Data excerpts
____

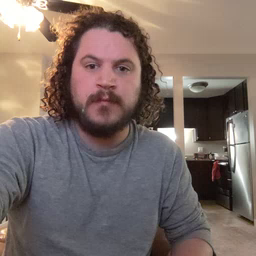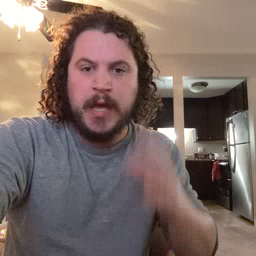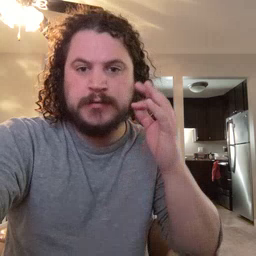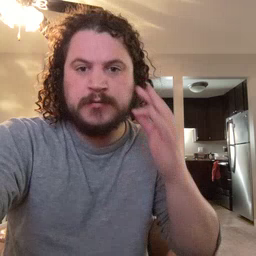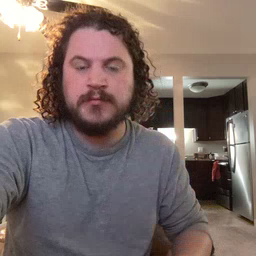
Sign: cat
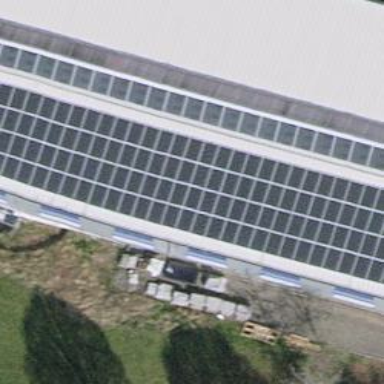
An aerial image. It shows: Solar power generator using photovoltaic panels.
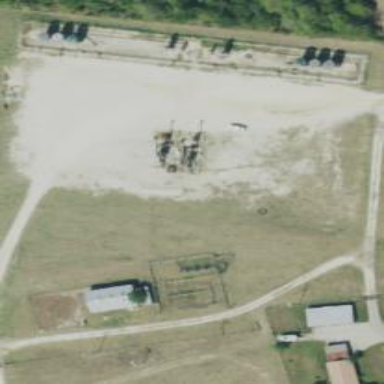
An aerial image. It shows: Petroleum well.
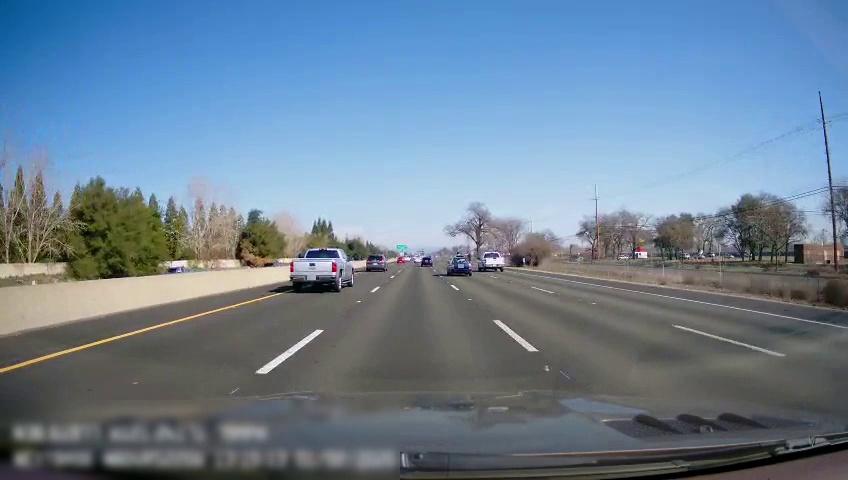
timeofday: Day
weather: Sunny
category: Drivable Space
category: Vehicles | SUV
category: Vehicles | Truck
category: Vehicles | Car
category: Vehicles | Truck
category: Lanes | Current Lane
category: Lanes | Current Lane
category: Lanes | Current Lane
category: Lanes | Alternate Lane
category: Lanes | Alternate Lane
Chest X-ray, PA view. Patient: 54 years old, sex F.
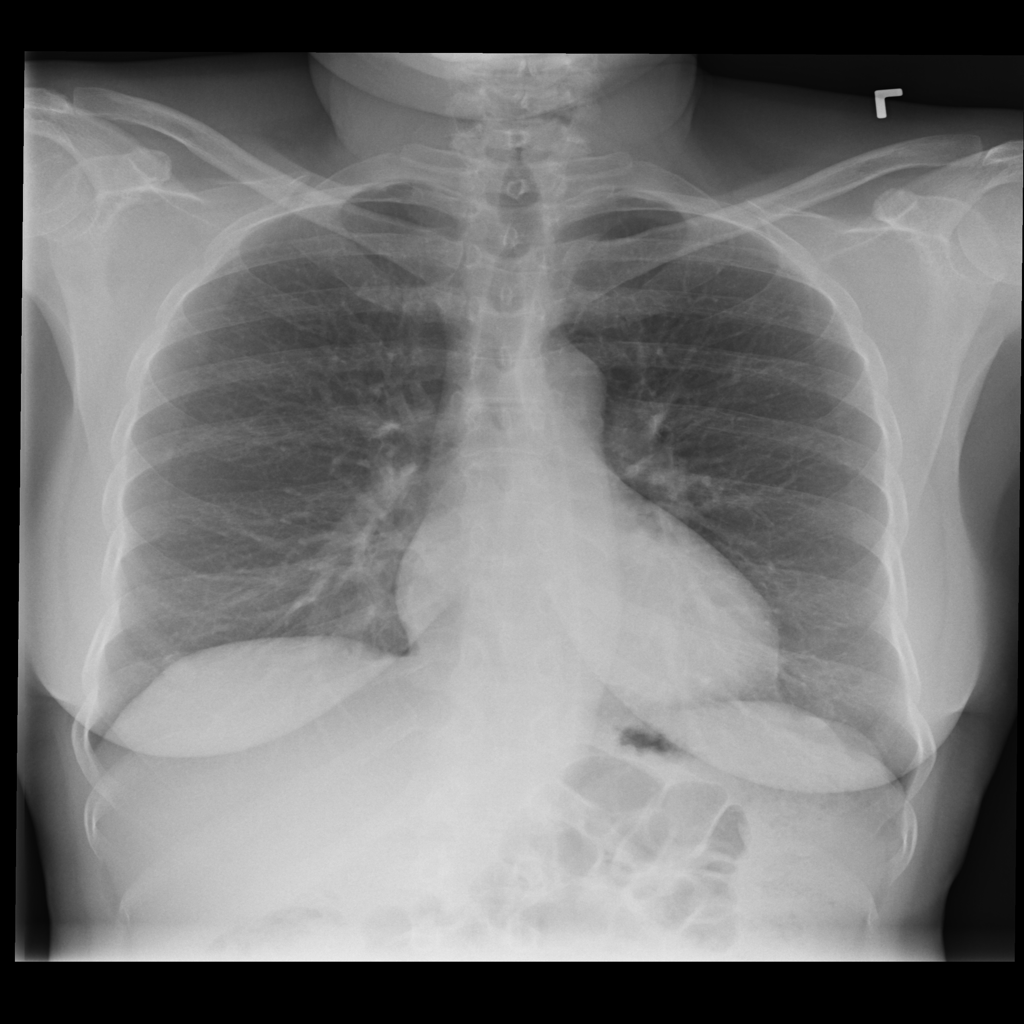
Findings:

____

In the lines above, spot each one that contains the word "Vehicles" and copy it.

Answer area:
category: Vehicles | SUV
category: Vehicles | Truck
category: Vehicles | Car
category: Vehicles | Truck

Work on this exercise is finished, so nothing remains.